Restrictions for Legacy ib-bond LNet Topologies
If the version of Lustre does not natively support multi-rail topologies, i.e., multiple network interfaces connected to the same subnet, attempts to assign two interfaces to the same LNet will fail.
For example:
options lnet networks="tcp0(eth0),tcp0(eth1)"

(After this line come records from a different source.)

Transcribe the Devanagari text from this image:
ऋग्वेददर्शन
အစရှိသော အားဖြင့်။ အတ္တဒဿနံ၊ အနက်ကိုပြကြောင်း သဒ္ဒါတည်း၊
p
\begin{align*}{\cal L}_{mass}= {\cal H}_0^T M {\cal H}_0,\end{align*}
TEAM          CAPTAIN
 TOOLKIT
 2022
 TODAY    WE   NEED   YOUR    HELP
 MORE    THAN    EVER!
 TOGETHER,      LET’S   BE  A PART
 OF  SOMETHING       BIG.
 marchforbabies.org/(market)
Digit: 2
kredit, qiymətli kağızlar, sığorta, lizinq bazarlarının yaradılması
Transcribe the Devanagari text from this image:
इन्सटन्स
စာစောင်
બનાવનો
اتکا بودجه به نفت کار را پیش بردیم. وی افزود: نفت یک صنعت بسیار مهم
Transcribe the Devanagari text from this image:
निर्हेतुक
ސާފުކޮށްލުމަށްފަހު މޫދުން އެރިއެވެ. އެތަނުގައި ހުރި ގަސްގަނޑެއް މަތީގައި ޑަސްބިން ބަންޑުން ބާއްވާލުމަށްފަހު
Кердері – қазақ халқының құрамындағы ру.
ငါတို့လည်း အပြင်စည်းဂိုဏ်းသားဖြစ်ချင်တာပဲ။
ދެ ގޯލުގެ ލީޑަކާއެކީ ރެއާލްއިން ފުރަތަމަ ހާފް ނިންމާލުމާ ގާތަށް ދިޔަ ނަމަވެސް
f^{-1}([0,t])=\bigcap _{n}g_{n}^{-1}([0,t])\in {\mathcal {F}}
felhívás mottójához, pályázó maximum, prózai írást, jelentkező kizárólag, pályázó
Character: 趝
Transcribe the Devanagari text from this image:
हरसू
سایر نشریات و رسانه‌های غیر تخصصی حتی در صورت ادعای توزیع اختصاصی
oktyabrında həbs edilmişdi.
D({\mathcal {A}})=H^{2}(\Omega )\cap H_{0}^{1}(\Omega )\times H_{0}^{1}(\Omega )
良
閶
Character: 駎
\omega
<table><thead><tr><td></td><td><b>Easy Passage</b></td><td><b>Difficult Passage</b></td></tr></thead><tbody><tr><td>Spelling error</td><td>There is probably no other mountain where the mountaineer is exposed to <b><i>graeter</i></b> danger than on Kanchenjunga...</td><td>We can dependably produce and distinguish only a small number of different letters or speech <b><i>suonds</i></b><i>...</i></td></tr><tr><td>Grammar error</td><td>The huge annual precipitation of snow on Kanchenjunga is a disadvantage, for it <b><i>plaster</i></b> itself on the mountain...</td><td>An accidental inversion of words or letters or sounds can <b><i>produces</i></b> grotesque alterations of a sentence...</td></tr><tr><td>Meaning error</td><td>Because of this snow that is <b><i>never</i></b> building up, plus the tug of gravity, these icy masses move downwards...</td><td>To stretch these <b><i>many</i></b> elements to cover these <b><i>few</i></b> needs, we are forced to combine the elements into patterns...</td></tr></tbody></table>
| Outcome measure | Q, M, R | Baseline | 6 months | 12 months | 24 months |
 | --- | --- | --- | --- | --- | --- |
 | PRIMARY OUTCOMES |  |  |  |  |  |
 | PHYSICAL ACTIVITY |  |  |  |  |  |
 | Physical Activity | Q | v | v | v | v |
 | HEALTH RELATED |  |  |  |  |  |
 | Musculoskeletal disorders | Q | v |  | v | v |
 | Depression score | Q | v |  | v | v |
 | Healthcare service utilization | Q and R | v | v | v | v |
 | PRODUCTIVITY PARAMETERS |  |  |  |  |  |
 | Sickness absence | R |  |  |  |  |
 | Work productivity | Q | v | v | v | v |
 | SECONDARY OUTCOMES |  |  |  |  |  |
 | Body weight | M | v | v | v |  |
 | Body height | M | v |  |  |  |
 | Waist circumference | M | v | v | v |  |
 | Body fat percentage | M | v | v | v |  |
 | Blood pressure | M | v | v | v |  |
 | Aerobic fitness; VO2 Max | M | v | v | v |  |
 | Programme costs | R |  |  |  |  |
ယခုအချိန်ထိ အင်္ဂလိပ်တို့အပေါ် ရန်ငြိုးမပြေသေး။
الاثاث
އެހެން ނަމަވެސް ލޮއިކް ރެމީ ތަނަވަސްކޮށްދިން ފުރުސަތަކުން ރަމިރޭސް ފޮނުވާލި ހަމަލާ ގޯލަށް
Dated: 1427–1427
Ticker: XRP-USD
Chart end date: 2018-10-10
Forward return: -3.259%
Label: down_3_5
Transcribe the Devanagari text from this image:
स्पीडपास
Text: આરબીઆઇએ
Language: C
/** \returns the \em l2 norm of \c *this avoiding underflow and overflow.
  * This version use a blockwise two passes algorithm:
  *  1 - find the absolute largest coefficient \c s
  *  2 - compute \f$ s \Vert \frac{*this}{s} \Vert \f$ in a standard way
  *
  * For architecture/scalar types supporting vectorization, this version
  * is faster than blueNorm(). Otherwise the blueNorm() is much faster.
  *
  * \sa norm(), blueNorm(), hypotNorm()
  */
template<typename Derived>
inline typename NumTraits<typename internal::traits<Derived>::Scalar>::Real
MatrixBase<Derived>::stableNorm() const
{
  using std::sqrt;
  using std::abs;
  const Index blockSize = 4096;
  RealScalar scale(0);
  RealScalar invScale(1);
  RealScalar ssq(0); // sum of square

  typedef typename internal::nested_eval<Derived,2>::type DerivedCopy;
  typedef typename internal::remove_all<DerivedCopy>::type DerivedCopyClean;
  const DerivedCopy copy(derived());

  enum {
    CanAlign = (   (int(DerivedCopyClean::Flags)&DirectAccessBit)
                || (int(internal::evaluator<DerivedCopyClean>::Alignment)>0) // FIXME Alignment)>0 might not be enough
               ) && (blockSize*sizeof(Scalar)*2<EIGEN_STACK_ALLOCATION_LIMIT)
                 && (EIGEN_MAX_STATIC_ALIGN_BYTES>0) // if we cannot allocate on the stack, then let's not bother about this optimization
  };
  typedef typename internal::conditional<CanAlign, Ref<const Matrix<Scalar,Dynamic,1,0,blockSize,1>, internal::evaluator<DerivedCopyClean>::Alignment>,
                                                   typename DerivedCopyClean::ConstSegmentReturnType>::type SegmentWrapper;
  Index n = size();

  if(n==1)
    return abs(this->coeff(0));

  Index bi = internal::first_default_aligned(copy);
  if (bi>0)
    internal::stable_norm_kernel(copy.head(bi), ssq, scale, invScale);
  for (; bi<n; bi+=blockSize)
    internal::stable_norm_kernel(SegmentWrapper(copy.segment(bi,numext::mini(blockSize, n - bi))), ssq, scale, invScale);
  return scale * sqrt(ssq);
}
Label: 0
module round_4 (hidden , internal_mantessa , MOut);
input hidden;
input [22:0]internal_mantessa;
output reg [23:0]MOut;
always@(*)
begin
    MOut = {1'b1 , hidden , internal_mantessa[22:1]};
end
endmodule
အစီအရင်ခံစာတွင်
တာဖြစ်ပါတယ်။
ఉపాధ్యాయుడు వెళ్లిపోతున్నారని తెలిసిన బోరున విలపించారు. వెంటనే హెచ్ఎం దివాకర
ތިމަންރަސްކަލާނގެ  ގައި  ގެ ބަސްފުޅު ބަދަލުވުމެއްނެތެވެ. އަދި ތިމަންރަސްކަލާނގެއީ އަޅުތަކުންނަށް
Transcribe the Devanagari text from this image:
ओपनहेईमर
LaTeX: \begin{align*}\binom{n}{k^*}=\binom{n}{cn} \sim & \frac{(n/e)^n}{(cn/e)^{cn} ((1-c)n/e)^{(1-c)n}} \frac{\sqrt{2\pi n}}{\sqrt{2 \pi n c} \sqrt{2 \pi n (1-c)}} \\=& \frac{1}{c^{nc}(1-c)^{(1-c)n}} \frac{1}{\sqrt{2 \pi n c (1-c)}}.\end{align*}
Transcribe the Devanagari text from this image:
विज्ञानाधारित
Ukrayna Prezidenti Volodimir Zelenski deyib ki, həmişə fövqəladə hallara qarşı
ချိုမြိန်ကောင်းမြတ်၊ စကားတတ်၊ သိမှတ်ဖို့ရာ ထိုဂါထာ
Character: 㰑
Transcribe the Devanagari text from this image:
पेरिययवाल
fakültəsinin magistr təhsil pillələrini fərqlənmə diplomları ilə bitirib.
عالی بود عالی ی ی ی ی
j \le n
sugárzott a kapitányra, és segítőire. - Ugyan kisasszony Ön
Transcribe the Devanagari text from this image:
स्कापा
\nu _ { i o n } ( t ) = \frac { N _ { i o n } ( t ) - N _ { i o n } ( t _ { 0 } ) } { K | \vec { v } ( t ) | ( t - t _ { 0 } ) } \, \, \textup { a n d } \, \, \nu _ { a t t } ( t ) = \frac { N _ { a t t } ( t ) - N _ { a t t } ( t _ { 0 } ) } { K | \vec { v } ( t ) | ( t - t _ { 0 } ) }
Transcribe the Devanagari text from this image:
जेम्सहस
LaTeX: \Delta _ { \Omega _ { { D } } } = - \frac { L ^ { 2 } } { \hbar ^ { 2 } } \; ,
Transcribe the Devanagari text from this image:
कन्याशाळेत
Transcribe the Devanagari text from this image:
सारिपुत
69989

The above configuration will cause a syntax error when the kernel module is loaded and an attempt is made to start the network. The following transcript shows the behavior when this unsupported configuration is attempted:
[root@rh7z-pe ~]# modprobe -v lnet insmod /lib/modules/3.10.0-327.13.1.el7_lustre.x86_64/extra/kernel/net/lustre/libcfs.ko insmod /lib/modules/3.10.0-327.13.1.el7_lustre.x86_64/extra/kernel/net/lustre/lnet.ko networks="tcp0(eth0),tcp0(eth1)" [root@rh7z-pe ~]# lctl network up LNET configure error 22: Invalid argument
The kernel ring buffer will have a record of the error reported by the LNet driver, for example:
[root@rh7z-pe ~]# dmesg | tail -1 [ 6620.324053] LNetError: 111-1: Duplicate network specified: tcp
The kernel will also log the error in the syslog:
[root@rh7z-pe ~]# tail -1 /var/log/messages Feb 21 21:11:28 rh7z-pe kernel: LNetError: 111-1: Duplicate network specified: tcp
Similarly, one cannot specify multiple interfaces within the parentheses associated with an LNet LND. In the following example, only the first interface, eth0
, will be used to create an NID for the host; the second parameter, eth1
, will be ignored:
# eth0 inet 192.168.207.2/24 # eth1 inet 192.168.207.111/24 # options lnet networks="tcp0(eth0,eth1)" [root@rh7z-pe ~]# modprobe -v lnet insmod /lib/modules/3.10.0-327.13.1.el7_lustre.x86_64/extra/kernel/net/lustre/libcfs.ko insmod /lib/modules/3.10.0-327.13.1.el7_lustre.x86_64/extra/kernel/net/lustre/lnet.ko networks="tcp0(eth0,eth1)" [root@rh7z-pe ~]# lctl network up LNET configured [root@rh7z-pe ~]# lctl list_nids 192.168.207.2@tcp
To take advantage of complex topologies and to aggregate performance across multiple network interfaces, use the latest version of Lustre containing the Multi-rail LNet feature.